> **Work instructions**
Nothing but an exact copy of the records is expected here.

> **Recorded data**
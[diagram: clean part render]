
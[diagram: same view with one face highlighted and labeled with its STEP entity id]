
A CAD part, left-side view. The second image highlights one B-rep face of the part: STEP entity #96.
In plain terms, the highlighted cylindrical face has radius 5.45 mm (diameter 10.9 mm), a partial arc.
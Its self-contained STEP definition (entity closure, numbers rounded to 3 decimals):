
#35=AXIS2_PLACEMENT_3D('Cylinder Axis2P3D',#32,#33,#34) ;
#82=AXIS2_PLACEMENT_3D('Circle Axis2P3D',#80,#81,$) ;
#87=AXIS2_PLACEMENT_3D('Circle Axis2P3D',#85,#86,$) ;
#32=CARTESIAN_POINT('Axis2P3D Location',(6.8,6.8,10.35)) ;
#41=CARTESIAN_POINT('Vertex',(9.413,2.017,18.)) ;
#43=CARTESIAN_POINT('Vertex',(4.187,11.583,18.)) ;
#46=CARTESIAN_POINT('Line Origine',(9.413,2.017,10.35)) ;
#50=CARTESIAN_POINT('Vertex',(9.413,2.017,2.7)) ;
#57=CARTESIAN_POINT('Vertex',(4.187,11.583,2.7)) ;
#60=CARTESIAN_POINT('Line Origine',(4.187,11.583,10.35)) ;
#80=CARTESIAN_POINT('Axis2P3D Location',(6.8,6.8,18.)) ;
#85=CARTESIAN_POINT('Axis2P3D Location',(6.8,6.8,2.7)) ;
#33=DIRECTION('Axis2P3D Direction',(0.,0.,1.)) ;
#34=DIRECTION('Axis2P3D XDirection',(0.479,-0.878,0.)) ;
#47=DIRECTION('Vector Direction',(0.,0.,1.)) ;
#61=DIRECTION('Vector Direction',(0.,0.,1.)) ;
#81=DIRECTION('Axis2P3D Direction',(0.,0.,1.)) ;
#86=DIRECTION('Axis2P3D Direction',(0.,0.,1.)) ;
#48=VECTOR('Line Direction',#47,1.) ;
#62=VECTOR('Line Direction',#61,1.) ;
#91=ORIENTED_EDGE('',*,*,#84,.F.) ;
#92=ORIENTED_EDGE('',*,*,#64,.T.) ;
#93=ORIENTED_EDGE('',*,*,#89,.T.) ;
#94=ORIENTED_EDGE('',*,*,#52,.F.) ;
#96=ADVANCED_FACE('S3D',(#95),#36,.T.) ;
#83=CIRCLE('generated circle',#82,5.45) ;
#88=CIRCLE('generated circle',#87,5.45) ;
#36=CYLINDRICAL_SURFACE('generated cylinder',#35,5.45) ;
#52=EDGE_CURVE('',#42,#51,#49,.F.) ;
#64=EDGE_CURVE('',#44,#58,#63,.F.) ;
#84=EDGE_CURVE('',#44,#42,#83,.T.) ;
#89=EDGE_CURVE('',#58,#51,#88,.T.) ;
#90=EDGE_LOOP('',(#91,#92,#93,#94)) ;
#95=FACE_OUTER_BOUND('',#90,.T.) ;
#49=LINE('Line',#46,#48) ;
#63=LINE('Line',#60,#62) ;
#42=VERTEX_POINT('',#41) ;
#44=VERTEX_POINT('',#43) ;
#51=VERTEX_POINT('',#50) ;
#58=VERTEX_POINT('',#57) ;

> **Completed task**
[diagram: clean part render]
[diagram: same view with one face highlighted and labeled with its STEP entity id]
A CAD part, left-side view. The second image highlights one B-rep face of the part: STEP entity #96.
In plain terms, the highlighted cylindrical face has radius 5.45 mm (diameter 10.9 mm), a partial arc.
Its self-contained STEP definition (entity closure, numbers rounded to 3 decimals):
#35=AXIS2_PLACEMENT_3D('Cylinder Axis2P3D',#32,#33,#34) ;
#82=AXIS2_PLACEMENT_3D('Circle Axis2P3D',#80,#81,$) ;
#87=AXIS2_PLACEMENT_3D('Circle Axis2P3D',#85,#86,$) ;
#32=CARTESIAN_POINT('Axis2P3D Location',(6.8,6.8,10.35)) ;
#41=CARTESIAN_POINT('Vertex',(9.413,2.017,18.)) ;
#43=CARTESIAN_POINT('Vertex',(4.187,11.583,18.)) ;
#46=CARTESIAN_POINT('Line Origine',(9.413,2.017,10.35)) ;
#50=CARTESIAN_POINT('Vertex',(9.413,2.017,2.7)) ;
#57=CARTESIAN_POINT('Vertex',(4.187,11.583,2.7)) ;
#60=CARTESIAN_POINT('Line Origine',(4.187,11.583,10.35)) ;
#80=CARTESIAN_POINT('Axis2P3D Location',(6.8,6.8,18.)) ;
#85=CARTESIAN_POINT('Axis2P3D Location',(6.8,6.8,2.7)) ;
#33=DIRECTION('Axis2P3D Direction',(0.,0.,1.)) ;
#34=DIRECTION('Axis2P3D XDirection',(0.479,-0.878,0.)) ;
#47=DIRECTION('Vector Direction',(0.,0.,1.)) ;
#61=DIRECTION('Vector Direction',(0.,0.,1.)) ;
#81=DIRECTION('Axis2P3D Direction',(0.,0.,1.)) ;
#86=DIRECTION('Axis2P3D Direction',(0.,0.,1.)) ;
#48=VECTOR('Line Direction',#47,1.) ;
#62=VECTOR('Line Direction',#61,1.) ;
#91=ORIENTED_EDGE('',*,*,#84,.F.) ;
#92=ORIENTED_EDGE('',*,*,#64,.T.) ;
#93=ORIENTED_EDGE('',*,*,#89,.T.) ;
#94=ORIENTED_EDGE('',*,*,#52,.F.) ;
#96=ADVANCED_FACE('S3D',(#95),#36,.T.) ;
#83=CIRCLE('generated circle',#82,5.45) ;
#88=CIRCLE('generated circle',#87,5.45) ;
#36=CYLINDRICAL_SURFACE('generated cylinder',#35,5.45) ;
#52=EDGE_CURVE('',#42,#51,#49,.F.) ;
#64=EDGE_CURVE('',#44,#58,#63,.F.) ;
#84=EDGE_CURVE('',#44,#42,#83,.T.) ;
#89=EDGE_CURVE('',#58,#51,#88,.T.) ;
#90=EDGE_LOOP('',(#91,#92,#93,#94)) ;
#95=FACE_OUTER_BOUND('',#90,.T.) ;
#49=LINE('Line',#46,#48) ;
#63=LINE('Line',#60,#62) ;
#42=VERTEX_POINT('',#41) ;
#44=VERTEX_POINT('',#43) ;
#51=VERTEX_POINT('',#50) ;
#58=VERTEX_POINT('',#57) ;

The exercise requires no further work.